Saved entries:
--- START ---

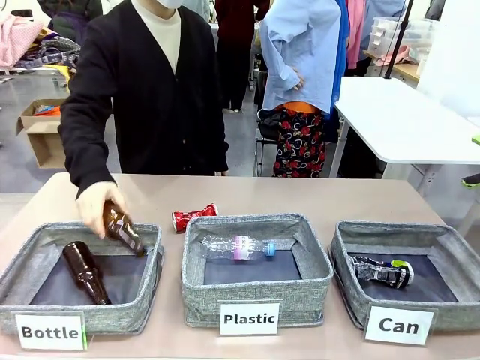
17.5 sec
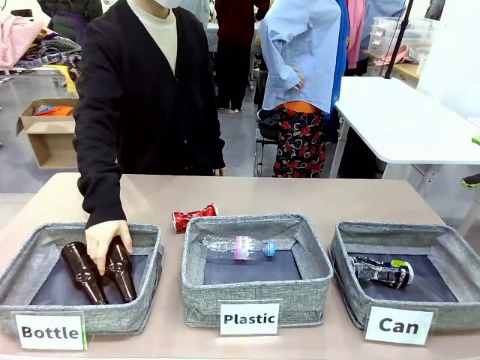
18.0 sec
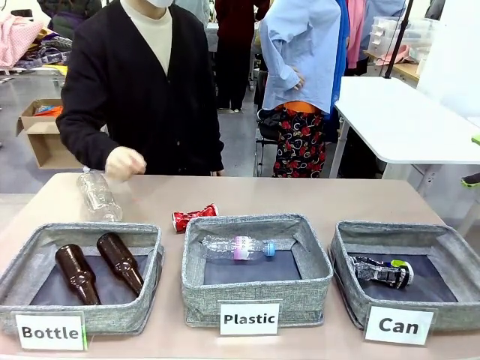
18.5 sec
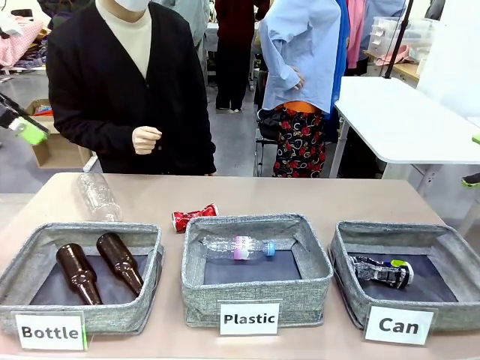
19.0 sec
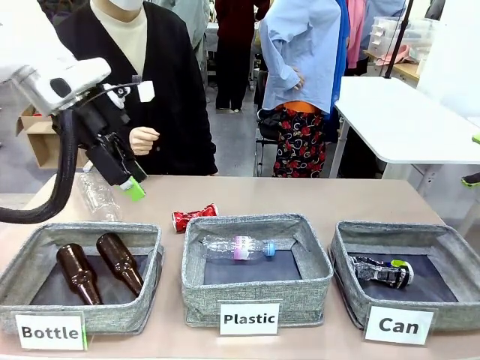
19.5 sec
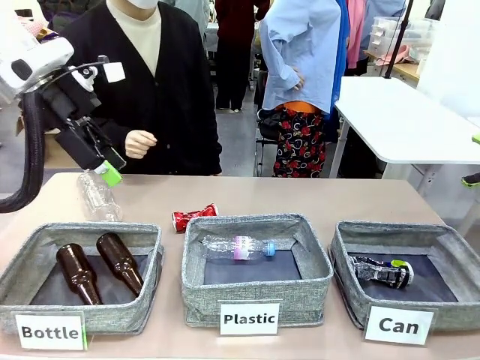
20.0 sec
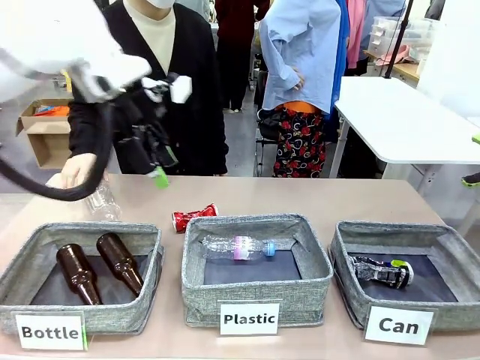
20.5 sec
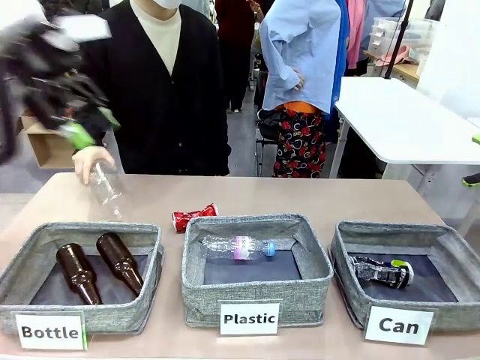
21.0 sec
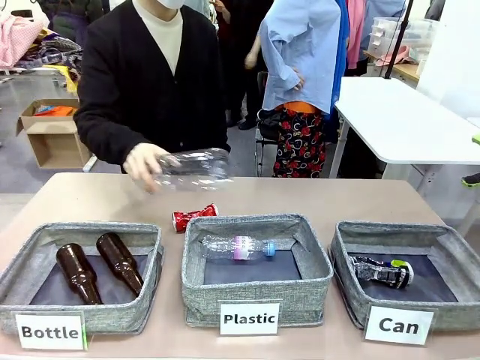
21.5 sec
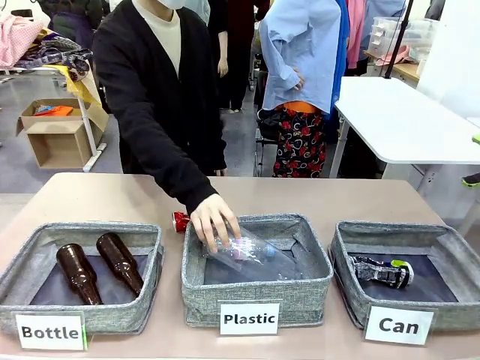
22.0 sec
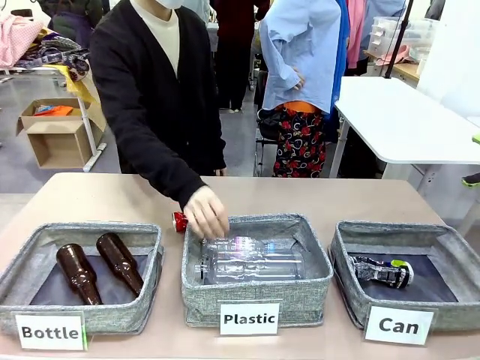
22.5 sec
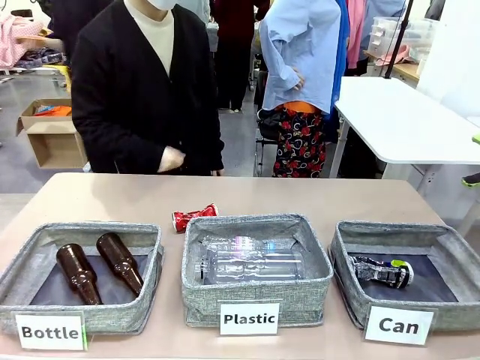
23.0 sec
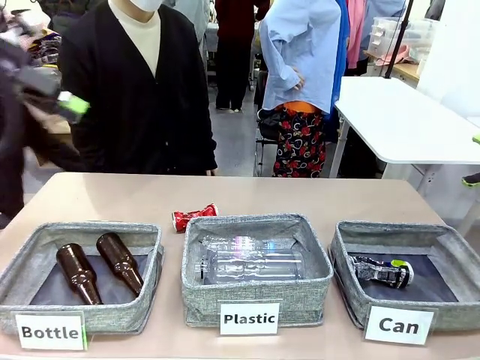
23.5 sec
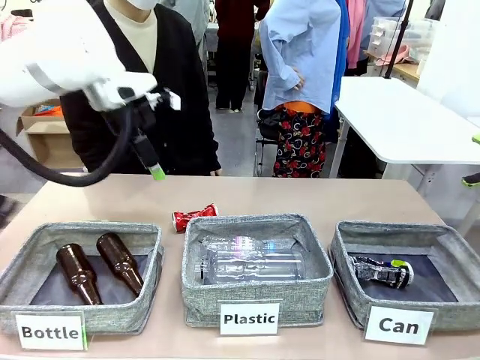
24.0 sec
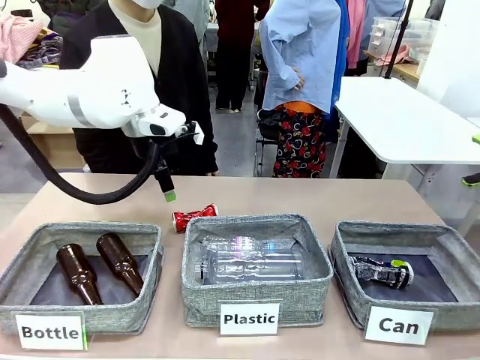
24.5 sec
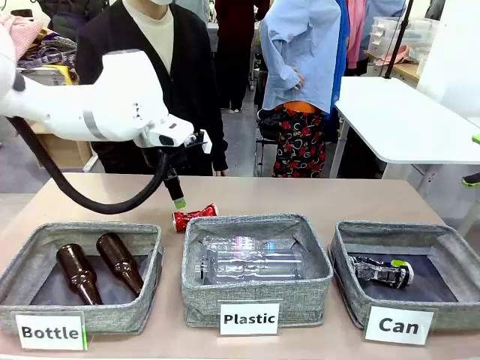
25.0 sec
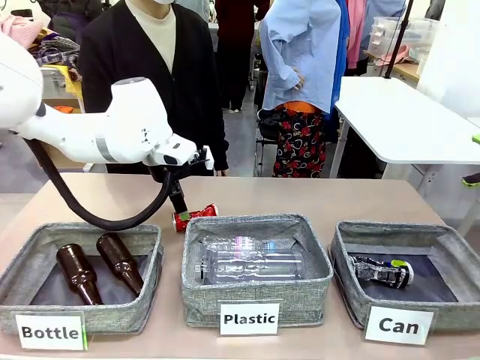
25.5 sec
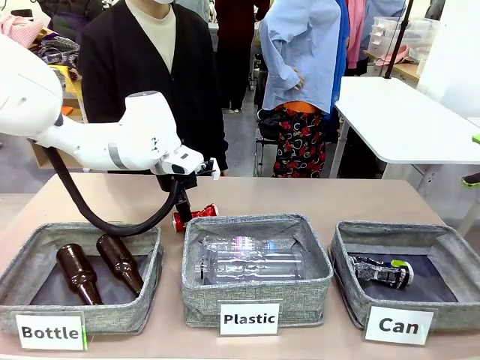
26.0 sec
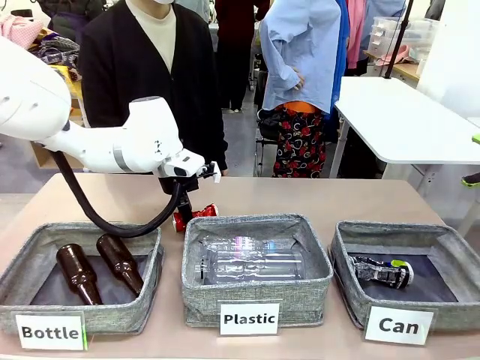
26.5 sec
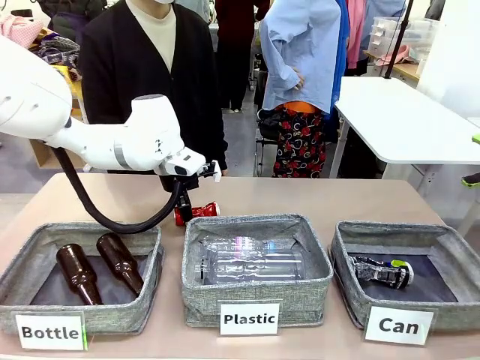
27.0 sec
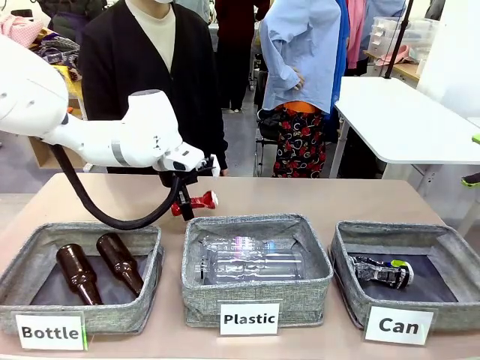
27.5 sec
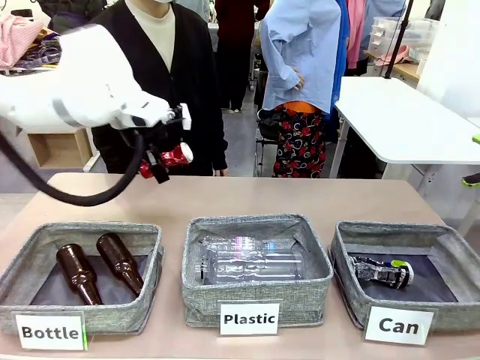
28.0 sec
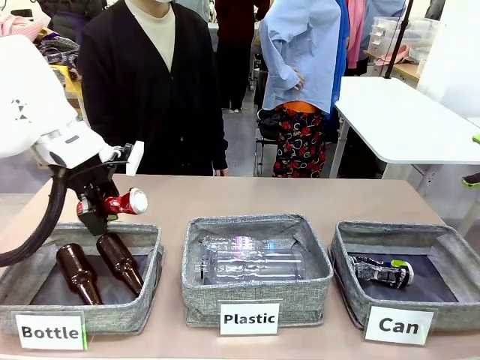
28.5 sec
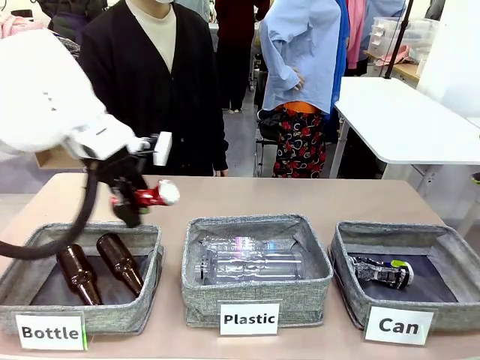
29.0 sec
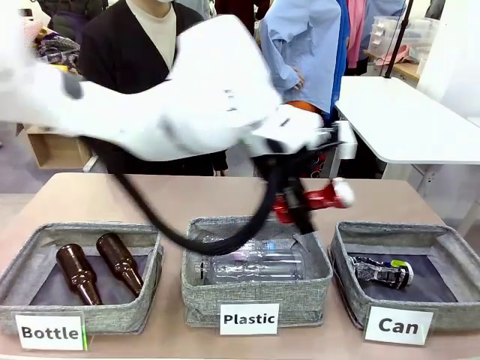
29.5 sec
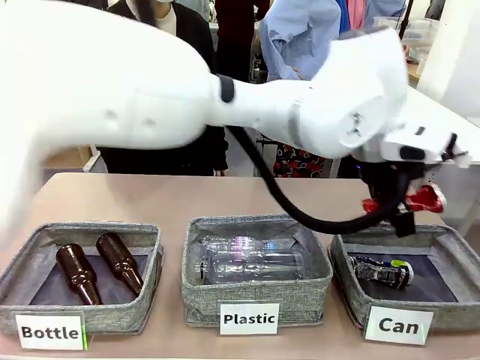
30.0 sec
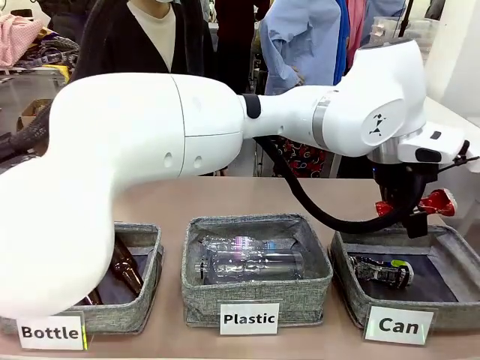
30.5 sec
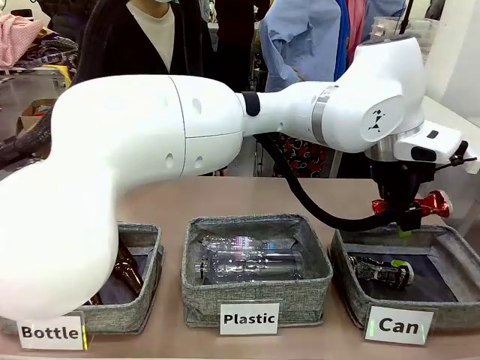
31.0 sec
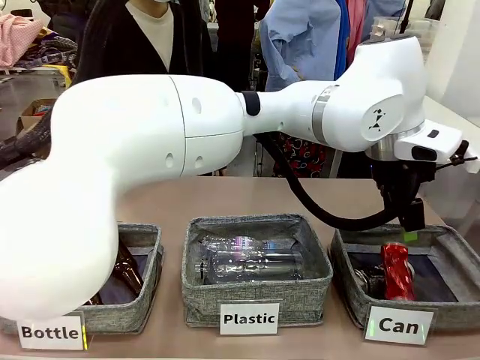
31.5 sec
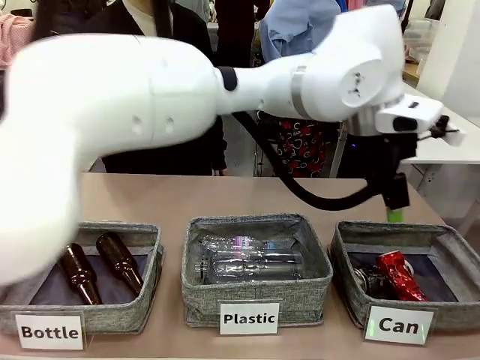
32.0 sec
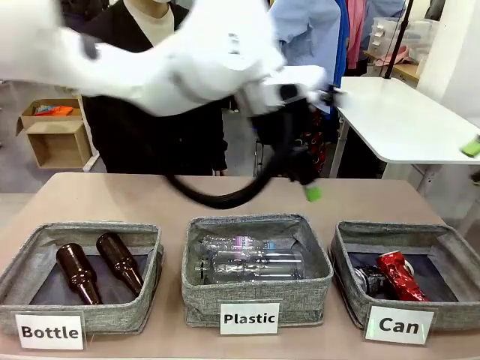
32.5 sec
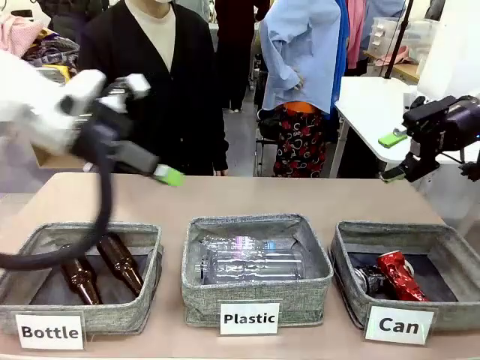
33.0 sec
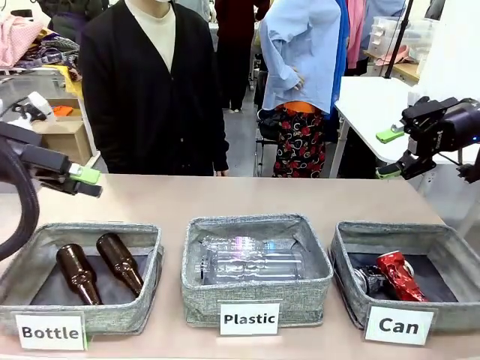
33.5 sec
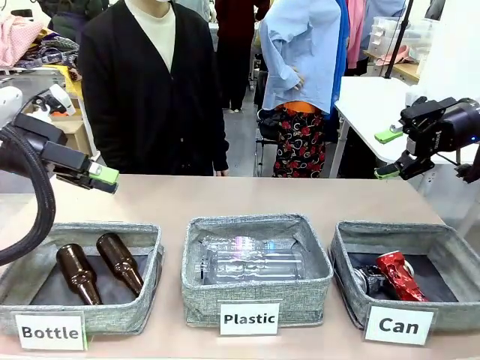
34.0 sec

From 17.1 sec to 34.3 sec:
Task: Sort the can waste into the basket.
Robot: Pick up the can waste from the table and place it in the right Fabric basket.
Person: The human picks up one piece of trash that is not a can and places the trash into the appropriate organizing basket.

--- END ---

Directions for this task :: Restate each line above exactly, keeping pictures out.

Answer ::
17.5 sec
18.0 sec
18.5 sec
19.0 sec
19.5 sec
20.0 sec
20.5 sec
21.0 sec
21.5 sec
22.0 sec
22.5 sec
23.0 sec
23.5 sec
24.0 sec
24.5 sec
25.0 sec
25.5 sec
26.0 sec
26.5 sec
27.0 sec
27.5 sec
28.0 sec
28.5 sec
29.0 sec
29.5 sec
30.0 sec
30.5 sec
31.0 sec
31.5 sec
32.0 sec
32.5 sec
33.0 sec
33.5 sec
34.0 sec

From 17.1 sec to 34.3 sec:
Task: Sort the can waste into the basket.
Robot: Pick up the can waste from the table and place it in the right Fabric basket.
Person: The human picks up one piece of trash that is not a can and places the trash into the appropriate organizing basket.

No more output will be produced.